Set in the period of upheaval in the South during the civil rights movement, Daryl Lisa Fazio’s “Split in Three” looks at the aftershocks of children who’ve been separated from their parents.
Whether the focus is a mother who died giving birth or a father who wandered off to start a secret life, this Aurora Theatre production straddles a line between domestic comedy, dysfunctional-family drama and social treatise.
Just as the U.S. Supreme Court issues a ruling ending Mississippi segregation in 1969, a pair of sisters living on the edge of squalor are shadowed by a mysterious visitor from up North.
First come hang-up calls. Then snippets of conversation are slyly cajoled or virtually beaten out of the intruder, who eventually reveals herself, and her “mingled seed” secret, in the flesh.
The sisters are Nola (Courtney Patterson), who wears heavy makeup, swills moonshine and stays out late, and Nell (Rhyn McLemore Saver), who mostly stays homes, bites her nails and looks for surrogate children to dote on.
On matters of race, it is a house divided: Nell is a staunch, unapologetic racist who believes that everything is fine the way it is; Nola cringes at the “n” word. Meanwhile, Nola is carrying on with Tuck (Travis Smith), a fumbling police deputy who is more preoccupied with getting a German Shepherd to ride in the front seat of his car than controlling the looming crowds of protesters and arsonists.
As played by Smith, Tuck is an ineffectual Barney Fife type with a hilarious arsenal of facial expressions that convey social awkwardness disguised as swagger. In moments of stress, his eyes bulge and his nostrils quiver, to brilliant effect.
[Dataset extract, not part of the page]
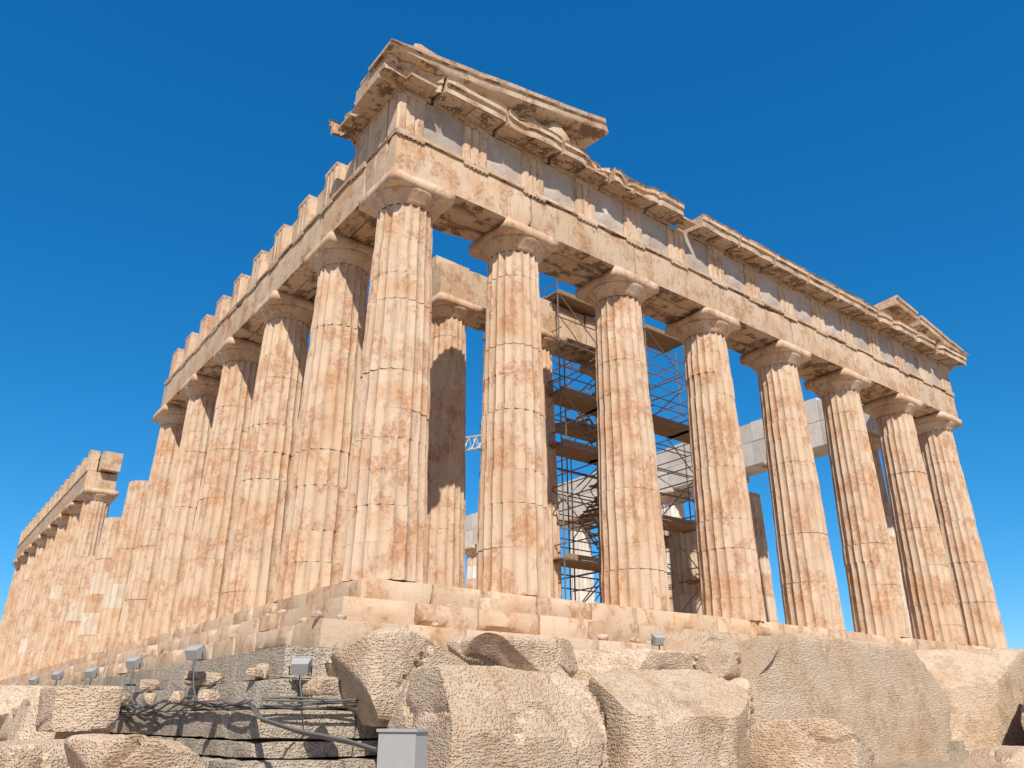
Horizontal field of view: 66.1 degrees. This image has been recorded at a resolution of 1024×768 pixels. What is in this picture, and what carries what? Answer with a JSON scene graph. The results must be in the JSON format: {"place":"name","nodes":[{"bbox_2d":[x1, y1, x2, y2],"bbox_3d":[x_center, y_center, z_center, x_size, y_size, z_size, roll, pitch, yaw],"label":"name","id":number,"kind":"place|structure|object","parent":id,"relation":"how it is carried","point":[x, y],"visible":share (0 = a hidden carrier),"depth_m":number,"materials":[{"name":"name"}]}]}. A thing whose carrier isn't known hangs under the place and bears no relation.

Into this comic world of bickering siblings and inept suitors comes Clifford (the young TV and film actor Elijah Marcano), a boy on a bike who lives next door and is troubled by the violence swallowing up the town. We learn Clifford, angelic, saintlike and finely played by Marcano, is, like Tuck, weighed down by tragedy and deeply misses his mother. All this makes him a convenient object for the affections of Nell, who has been abandoned by her husband.
While gunshots crackle and racist slurs are heard in the distance, Penny (Falashay Pearson), arrives, the color of her skin further upsetting the delicate equilibrium.
After the disappointing "Freed Spirits" at Horizon Theatre last fall, Fazio delivers an aching study of racism as it spills from the streets into interior lives of a scattershot family. Director Justin Anderson calibrates the action with a delicate touch, evoking a place that is infused with a sense of melancholy and impending disaster.
Jamie Bullins’ approximation of the family’s shanty is masterful, down to the dried-up weeds that grow out of the tumbling bricks supporting the porch. Kendra Johnson’s costumes are true to the period and the characters’ social status.
In sum, this is a lovely play, nicely written and staged. Like William Inge, Fazio is quite good at drawing a scene that seems ordinary, then slowly revealing its crumbling foundation.
Still, there are a few too many family misfortunes lurking rather Faulkner like at the margins, and for a good bit of the second half I felt as if I were waiting for some confrontation that never happens, some seam that never rips.
For an examination of social upheaval, “Split in Three” feels remarkably placid. And yet, as a story that ultimately hints at redemption and healing, the working out of the complicated knots of family ties, that is an asset and a blessing.
Theater review
“Split in Three”
Grade: B
8 p.m. Tuesdays-Saturdays. 2:30 p.m. Saturdays and Sundays. $20-$55. 10 a.m. matinee May 24 $16-$26. Through May 26. Aurora Theatre. 128 East Pike St., Lawrenceville. 678-226-6222. auroratheatre.com, 678-226-6222.